[Stored items]
# # # #

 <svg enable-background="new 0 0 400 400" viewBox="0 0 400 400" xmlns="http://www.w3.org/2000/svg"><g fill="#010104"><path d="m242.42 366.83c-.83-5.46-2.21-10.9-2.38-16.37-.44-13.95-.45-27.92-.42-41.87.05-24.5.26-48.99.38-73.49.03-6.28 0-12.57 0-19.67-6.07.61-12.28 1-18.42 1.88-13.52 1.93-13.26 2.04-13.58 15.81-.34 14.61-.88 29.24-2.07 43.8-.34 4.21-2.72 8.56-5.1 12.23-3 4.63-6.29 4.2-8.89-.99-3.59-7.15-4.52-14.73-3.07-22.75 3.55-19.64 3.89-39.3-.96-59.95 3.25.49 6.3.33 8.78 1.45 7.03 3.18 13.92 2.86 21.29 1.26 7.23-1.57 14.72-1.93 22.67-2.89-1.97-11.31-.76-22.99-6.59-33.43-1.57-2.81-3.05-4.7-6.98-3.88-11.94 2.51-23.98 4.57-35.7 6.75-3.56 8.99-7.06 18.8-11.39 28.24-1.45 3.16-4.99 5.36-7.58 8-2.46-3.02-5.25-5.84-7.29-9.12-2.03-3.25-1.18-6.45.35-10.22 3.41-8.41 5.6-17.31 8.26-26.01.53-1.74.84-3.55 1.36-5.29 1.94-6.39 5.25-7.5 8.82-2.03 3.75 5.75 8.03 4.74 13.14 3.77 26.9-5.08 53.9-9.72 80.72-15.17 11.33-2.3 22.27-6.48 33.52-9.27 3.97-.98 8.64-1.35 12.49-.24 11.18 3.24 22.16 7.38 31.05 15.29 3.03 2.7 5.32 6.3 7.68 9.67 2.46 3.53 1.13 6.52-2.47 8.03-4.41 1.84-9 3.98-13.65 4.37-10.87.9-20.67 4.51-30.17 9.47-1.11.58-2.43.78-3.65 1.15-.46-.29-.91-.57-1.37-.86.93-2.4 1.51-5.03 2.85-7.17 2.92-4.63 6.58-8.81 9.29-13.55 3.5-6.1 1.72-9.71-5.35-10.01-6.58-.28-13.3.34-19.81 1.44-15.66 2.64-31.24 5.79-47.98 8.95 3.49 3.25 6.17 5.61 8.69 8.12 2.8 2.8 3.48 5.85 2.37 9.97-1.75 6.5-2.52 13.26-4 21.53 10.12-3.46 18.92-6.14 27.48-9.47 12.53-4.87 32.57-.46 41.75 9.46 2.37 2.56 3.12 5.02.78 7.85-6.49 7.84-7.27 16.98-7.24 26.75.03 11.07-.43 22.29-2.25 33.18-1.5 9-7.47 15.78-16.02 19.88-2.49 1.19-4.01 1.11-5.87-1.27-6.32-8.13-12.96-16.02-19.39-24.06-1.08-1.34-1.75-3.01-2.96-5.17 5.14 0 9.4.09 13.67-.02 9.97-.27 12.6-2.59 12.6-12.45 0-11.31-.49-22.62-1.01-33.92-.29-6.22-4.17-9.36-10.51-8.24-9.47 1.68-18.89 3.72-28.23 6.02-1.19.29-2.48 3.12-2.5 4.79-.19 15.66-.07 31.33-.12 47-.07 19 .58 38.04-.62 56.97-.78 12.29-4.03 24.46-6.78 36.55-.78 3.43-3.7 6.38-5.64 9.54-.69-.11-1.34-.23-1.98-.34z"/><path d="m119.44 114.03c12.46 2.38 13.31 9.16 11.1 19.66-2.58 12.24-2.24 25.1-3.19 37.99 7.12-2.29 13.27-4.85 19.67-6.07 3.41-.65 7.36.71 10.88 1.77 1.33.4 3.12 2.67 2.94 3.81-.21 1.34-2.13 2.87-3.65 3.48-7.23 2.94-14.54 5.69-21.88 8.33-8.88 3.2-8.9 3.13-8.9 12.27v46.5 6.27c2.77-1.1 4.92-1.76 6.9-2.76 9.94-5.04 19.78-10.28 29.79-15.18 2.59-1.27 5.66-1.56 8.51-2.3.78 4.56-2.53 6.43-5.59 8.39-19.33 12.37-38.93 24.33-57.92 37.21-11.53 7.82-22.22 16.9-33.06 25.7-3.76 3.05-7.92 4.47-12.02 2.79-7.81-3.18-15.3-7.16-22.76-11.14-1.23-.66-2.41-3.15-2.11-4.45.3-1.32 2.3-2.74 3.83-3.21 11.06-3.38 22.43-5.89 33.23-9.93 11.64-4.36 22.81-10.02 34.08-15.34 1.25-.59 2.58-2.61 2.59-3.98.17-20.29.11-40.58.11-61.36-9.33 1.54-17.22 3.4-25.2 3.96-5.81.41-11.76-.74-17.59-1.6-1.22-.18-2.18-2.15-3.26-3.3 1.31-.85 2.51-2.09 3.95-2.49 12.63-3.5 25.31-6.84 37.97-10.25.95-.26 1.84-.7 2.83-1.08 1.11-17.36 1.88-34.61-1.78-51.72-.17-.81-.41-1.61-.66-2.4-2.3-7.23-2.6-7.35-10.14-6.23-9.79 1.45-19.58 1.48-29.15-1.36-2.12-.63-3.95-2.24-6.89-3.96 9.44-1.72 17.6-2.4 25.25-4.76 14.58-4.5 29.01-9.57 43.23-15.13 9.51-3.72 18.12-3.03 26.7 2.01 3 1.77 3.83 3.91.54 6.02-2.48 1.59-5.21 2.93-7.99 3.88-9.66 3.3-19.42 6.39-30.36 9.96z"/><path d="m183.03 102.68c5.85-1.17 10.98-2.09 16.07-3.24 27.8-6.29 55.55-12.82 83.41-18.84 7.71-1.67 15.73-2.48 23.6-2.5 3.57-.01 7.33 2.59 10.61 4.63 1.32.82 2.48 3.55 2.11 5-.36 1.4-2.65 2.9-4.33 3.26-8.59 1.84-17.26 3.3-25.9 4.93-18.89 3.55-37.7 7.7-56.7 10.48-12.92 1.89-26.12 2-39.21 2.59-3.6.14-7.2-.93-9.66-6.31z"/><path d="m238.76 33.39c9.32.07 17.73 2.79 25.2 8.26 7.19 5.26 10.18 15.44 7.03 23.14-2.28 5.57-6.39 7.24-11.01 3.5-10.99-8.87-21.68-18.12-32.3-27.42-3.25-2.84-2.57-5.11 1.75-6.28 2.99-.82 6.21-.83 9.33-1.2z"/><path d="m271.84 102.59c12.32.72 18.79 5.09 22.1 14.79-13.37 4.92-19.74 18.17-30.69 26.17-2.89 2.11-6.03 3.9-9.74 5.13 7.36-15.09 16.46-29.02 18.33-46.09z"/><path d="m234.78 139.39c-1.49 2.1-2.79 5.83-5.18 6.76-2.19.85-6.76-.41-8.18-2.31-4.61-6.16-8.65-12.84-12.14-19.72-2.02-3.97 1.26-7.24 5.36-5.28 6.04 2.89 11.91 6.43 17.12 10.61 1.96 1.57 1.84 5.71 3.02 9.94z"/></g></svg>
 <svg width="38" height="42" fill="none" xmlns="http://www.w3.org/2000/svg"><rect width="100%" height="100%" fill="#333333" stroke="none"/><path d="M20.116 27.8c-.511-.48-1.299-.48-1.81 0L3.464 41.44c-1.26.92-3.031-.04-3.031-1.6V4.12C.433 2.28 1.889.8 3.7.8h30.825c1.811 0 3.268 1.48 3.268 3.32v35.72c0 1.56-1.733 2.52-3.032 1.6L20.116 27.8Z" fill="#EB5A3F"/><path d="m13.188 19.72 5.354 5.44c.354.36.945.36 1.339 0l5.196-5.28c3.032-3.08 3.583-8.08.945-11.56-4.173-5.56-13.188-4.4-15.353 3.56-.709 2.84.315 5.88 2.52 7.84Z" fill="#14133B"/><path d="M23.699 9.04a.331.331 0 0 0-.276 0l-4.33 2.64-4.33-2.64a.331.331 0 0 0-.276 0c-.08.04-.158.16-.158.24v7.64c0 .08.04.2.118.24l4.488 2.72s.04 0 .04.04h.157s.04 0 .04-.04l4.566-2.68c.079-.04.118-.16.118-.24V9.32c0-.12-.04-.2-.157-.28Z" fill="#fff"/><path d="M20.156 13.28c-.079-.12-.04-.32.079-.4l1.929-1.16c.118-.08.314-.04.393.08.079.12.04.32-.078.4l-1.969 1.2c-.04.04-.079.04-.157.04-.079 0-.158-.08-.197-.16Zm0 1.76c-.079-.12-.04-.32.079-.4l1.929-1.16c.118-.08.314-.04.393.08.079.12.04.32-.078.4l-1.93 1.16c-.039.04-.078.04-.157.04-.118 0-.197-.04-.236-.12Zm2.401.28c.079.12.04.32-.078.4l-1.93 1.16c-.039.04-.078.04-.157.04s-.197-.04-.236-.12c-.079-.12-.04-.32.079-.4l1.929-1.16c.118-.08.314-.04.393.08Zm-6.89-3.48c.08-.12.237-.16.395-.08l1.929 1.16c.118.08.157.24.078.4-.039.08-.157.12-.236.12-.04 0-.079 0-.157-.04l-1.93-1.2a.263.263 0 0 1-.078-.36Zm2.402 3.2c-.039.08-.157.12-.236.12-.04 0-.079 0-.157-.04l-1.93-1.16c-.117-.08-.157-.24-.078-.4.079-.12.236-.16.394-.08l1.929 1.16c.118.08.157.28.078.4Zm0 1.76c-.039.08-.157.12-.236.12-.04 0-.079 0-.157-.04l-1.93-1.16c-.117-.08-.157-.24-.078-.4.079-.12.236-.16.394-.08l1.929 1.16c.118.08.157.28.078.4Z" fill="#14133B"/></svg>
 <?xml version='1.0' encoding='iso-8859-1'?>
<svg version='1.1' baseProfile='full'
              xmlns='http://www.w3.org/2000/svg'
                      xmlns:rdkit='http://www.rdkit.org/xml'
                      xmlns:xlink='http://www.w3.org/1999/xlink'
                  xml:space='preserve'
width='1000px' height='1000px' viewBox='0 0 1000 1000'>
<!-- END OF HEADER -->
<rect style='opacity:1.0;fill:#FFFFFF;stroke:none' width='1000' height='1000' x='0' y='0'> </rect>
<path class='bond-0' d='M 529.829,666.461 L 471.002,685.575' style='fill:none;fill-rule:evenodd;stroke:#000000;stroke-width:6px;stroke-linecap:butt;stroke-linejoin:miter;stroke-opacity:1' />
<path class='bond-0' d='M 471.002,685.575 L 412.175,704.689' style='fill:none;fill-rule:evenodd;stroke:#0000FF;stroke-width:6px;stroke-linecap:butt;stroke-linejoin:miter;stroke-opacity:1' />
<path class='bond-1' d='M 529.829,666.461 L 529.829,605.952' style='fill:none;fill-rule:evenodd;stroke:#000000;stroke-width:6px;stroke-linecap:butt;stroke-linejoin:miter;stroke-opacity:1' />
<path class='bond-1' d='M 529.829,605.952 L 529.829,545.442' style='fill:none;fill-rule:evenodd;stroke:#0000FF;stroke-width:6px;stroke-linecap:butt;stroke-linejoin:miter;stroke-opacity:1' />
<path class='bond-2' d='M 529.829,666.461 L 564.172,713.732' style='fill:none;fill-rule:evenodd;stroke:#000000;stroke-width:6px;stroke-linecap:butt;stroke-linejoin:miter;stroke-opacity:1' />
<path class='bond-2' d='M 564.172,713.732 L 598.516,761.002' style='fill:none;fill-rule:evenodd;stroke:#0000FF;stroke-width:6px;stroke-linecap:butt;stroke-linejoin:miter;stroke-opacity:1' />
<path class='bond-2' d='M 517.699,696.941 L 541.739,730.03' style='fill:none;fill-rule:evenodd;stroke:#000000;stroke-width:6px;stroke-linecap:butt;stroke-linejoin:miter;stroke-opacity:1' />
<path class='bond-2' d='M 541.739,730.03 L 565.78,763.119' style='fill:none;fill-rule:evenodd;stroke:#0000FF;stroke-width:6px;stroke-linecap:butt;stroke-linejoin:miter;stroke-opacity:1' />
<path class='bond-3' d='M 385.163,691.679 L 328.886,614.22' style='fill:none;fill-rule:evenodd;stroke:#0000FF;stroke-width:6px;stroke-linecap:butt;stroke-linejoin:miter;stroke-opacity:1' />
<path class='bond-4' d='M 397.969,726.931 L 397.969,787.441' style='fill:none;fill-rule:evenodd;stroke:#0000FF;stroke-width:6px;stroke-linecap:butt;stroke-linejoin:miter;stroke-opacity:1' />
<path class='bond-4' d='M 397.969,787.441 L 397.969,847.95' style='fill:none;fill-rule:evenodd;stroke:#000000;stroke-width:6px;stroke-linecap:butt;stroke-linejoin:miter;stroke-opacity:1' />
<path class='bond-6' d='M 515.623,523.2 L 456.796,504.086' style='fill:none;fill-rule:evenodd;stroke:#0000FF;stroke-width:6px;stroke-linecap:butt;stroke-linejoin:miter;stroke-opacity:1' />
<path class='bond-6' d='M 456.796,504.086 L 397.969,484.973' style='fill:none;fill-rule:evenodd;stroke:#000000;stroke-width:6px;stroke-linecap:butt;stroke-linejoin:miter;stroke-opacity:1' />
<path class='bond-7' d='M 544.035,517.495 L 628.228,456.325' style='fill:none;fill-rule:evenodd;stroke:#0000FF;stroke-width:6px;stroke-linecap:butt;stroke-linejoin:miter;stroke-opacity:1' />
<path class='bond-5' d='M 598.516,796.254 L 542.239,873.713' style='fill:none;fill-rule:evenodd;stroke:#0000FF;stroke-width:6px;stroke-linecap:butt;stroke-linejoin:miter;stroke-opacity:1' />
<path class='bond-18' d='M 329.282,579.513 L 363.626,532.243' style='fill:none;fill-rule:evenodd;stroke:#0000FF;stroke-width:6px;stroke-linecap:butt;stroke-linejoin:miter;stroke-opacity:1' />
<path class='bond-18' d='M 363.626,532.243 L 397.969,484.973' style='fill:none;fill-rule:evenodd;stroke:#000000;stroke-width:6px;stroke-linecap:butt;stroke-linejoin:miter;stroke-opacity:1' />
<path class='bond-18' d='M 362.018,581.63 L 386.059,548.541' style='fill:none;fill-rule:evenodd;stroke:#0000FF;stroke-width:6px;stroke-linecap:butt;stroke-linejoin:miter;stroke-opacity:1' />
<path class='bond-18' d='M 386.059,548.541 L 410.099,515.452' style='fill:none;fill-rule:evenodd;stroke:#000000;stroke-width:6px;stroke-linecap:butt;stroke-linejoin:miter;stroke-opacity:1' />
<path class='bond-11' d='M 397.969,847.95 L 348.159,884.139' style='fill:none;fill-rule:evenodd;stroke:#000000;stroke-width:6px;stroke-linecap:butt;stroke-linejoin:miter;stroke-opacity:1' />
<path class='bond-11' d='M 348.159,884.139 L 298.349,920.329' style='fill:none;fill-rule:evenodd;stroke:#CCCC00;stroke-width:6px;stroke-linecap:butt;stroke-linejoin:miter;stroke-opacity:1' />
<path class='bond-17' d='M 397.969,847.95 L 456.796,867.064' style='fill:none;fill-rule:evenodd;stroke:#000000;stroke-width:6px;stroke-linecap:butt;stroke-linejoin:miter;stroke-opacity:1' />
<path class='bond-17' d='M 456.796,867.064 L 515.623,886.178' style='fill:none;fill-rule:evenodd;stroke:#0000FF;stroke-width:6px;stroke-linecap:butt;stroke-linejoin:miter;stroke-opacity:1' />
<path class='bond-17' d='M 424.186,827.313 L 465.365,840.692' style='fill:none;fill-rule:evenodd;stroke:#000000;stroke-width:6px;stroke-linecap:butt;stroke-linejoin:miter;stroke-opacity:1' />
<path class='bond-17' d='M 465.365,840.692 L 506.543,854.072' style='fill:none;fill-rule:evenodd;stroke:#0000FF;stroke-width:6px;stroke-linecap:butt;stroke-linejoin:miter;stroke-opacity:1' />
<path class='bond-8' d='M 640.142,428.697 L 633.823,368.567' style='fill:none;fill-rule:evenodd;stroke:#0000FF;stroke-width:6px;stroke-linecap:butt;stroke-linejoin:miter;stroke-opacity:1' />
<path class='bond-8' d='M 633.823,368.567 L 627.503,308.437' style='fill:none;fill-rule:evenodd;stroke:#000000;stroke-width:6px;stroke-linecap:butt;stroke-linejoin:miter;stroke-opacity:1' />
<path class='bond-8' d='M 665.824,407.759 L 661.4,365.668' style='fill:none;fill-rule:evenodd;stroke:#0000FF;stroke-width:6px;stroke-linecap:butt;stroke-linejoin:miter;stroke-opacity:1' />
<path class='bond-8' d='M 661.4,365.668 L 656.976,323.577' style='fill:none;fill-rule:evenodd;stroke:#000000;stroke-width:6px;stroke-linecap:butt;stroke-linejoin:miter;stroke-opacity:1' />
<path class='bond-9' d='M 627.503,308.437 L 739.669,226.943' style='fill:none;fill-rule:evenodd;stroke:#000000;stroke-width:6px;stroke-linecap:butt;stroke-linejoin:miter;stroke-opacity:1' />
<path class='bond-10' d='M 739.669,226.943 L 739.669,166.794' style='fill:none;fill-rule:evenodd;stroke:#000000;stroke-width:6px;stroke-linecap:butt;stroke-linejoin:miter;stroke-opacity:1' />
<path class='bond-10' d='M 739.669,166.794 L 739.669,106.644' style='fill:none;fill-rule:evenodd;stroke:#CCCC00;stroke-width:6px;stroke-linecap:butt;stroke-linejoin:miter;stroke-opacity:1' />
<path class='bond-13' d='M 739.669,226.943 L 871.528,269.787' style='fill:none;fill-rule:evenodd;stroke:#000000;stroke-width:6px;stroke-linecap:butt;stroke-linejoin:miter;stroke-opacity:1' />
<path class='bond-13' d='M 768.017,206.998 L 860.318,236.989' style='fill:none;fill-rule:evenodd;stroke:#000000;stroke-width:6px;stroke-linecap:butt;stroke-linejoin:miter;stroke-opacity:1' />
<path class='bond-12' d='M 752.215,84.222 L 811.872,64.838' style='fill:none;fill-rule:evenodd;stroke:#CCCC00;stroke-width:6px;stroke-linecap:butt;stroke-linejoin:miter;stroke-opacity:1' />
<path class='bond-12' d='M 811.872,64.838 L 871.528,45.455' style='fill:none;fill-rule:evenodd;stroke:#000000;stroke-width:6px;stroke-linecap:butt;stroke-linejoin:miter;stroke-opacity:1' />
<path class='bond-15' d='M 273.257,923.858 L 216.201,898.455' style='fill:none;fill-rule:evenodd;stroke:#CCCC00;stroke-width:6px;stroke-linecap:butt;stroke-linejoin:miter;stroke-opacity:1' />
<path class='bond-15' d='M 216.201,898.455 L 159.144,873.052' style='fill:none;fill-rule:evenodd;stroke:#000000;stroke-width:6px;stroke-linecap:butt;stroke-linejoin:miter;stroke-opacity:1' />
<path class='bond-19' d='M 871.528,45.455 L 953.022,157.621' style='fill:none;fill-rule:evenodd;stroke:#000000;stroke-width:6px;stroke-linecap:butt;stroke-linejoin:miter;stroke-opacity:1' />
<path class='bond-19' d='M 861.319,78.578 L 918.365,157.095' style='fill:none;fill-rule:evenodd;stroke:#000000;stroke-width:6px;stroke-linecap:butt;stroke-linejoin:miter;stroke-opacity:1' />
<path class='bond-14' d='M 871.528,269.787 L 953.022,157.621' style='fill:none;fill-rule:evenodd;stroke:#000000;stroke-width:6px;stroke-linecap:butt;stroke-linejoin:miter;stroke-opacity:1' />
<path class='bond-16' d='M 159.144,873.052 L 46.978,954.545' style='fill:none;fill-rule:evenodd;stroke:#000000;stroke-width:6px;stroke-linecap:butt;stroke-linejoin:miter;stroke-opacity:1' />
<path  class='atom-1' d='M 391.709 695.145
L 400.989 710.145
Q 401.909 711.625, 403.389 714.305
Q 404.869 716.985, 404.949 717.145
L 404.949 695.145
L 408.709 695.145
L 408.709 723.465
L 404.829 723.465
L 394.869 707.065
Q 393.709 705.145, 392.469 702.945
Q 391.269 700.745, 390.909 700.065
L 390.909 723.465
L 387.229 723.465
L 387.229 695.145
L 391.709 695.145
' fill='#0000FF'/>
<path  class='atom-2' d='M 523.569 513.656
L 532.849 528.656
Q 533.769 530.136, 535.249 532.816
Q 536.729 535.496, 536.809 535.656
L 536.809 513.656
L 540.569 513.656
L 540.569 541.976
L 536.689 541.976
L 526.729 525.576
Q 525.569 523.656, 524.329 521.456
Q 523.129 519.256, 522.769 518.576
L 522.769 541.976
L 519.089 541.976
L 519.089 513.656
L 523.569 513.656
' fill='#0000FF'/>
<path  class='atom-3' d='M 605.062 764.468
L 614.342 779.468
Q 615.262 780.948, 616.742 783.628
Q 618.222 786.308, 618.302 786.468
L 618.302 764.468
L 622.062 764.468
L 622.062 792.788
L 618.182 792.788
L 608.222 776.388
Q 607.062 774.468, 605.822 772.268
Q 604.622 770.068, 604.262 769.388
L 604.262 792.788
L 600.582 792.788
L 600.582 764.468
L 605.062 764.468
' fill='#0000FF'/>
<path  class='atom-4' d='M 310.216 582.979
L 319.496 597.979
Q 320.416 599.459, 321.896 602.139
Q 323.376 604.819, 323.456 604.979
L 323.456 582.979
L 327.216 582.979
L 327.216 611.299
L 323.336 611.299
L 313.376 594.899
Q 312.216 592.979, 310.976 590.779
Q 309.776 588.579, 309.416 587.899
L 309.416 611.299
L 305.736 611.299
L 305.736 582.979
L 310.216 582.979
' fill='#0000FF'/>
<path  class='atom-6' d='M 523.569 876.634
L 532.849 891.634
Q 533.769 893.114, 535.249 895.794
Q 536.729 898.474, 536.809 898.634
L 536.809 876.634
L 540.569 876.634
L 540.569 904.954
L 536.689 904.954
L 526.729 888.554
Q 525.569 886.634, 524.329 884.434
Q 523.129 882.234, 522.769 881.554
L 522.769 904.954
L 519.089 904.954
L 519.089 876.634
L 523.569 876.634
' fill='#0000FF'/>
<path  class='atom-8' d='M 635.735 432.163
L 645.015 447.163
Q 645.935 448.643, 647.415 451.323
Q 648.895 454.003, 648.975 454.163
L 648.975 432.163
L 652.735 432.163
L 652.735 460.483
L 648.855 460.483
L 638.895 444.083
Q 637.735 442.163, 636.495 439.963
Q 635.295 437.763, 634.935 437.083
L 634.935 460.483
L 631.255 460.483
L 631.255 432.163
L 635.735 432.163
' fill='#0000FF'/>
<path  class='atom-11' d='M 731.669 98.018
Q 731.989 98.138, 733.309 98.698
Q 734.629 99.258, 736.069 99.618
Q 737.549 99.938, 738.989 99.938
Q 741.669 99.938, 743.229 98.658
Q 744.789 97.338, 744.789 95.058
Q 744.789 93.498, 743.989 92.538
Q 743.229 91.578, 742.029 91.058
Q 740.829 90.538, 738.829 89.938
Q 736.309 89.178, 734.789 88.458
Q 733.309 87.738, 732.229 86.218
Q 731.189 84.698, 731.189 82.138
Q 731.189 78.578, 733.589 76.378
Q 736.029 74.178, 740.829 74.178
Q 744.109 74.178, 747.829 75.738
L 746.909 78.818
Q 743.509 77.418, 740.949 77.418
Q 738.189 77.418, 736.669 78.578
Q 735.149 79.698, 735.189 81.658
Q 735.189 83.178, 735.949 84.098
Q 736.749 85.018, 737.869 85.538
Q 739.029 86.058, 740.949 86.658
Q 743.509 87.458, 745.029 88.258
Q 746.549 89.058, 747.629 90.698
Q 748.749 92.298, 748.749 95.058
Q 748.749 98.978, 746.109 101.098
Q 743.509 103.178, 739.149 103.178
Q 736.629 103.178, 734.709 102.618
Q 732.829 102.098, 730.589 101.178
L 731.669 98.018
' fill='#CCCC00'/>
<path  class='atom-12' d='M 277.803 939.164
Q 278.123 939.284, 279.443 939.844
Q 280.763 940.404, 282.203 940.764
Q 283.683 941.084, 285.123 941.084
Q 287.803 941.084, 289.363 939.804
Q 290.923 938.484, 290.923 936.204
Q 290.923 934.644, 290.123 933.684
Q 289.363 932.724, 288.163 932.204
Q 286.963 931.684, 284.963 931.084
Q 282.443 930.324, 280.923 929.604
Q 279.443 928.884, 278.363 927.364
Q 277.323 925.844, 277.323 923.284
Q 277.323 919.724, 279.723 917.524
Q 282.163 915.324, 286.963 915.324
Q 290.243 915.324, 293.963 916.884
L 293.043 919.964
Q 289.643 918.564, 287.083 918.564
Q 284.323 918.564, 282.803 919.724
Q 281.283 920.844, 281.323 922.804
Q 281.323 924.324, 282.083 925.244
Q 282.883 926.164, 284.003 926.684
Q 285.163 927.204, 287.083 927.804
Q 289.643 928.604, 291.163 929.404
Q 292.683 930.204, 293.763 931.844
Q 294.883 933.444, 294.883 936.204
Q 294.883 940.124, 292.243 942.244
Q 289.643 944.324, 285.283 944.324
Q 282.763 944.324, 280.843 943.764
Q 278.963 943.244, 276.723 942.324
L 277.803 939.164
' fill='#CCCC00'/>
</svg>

# # # #

## Work request
Set down, exactly as they appear above, all lines from the one that has "L 323.456 582.979" down to the one that has "Q 743.509 77.418, 740.949 77.418", including those two and no others.

## Completed exercise
L 323.456 582.979
L 327.216 582.979
L 327.216 611.299
L 323.336 611.299
L 313.376 594.899
Q 312.216 592.979, 310.976 590.779
Q 309.776 588.579, 309.416 587.899
L 309.416 611.299
L 305.736 611.299
L 305.736 582.979
L 310.216 582.979
' fill='#0000FF'/>
<path  class='atom-6' d='M 523.569 876.634
L 532.849 891.634
Q 533.769 893.114, 535.249 895.794
Q 536.729 898.474, 536.809 898.634
L 536.809 876.634
L 540.569 876.634
L 540.569 904.954
L 536.689 904.954
L 526.729 888.554
Q 525.569 886.634, 524.329 884.434
Q 523.129 882.234, 522.769 881.554
L 522.769 904.954
L 519.089 904.954
L 519.089 876.634
L 523.569 876.634
' fill='#0000FF'/>
<path  class='atom-8' d='M 635.735 432.163
L 645.015 447.163
Q 645.935 448.643, 647.415 451.323
Q 648.895 454.003, 648.975 454.163
L 648.975 432.163
L 652.735 432.163
L 652.735 460.483
L 648.855 460.483
L 638.895 444.083
Q 637.735 442.163, 636.495 439.963
Q 635.295 437.763, 634.935 437.083
L 634.935 460.483
L 631.255 460.483
L 631.255 432.163
L 635.735 432.163
' fill='#0000FF'/>
<path  class='atom-11' d='M 731.669 98.018
Q 731.989 98.138, 733.309 98.698
Q 734.629 99.258, 736.069 99.618
Q 737.549 99.938, 738.989 99.938
Q 741.669 99.938, 743.229 98.658
Q 744.789 97.338, 744.789 95.058
Q 744.789 93.498, 743.989 92.538
Q 743.229 91.578, 742.029 91.058
Q 740.829 90.538, 738.829 89.938
Q 736.309 89.178, 734.789 88.458
Q 733.309 87.738, 732.229 86.218
Q 731.189 84.698, 731.189 82.138
Q 731.189 78.578, 733.589 76.378
Q 736.029 74.178, 740.829 74.178
Q 744.109 74.178, 747.829 75.738
L 746.909 78.818
Q 743.509 77.418, 740.949 77.418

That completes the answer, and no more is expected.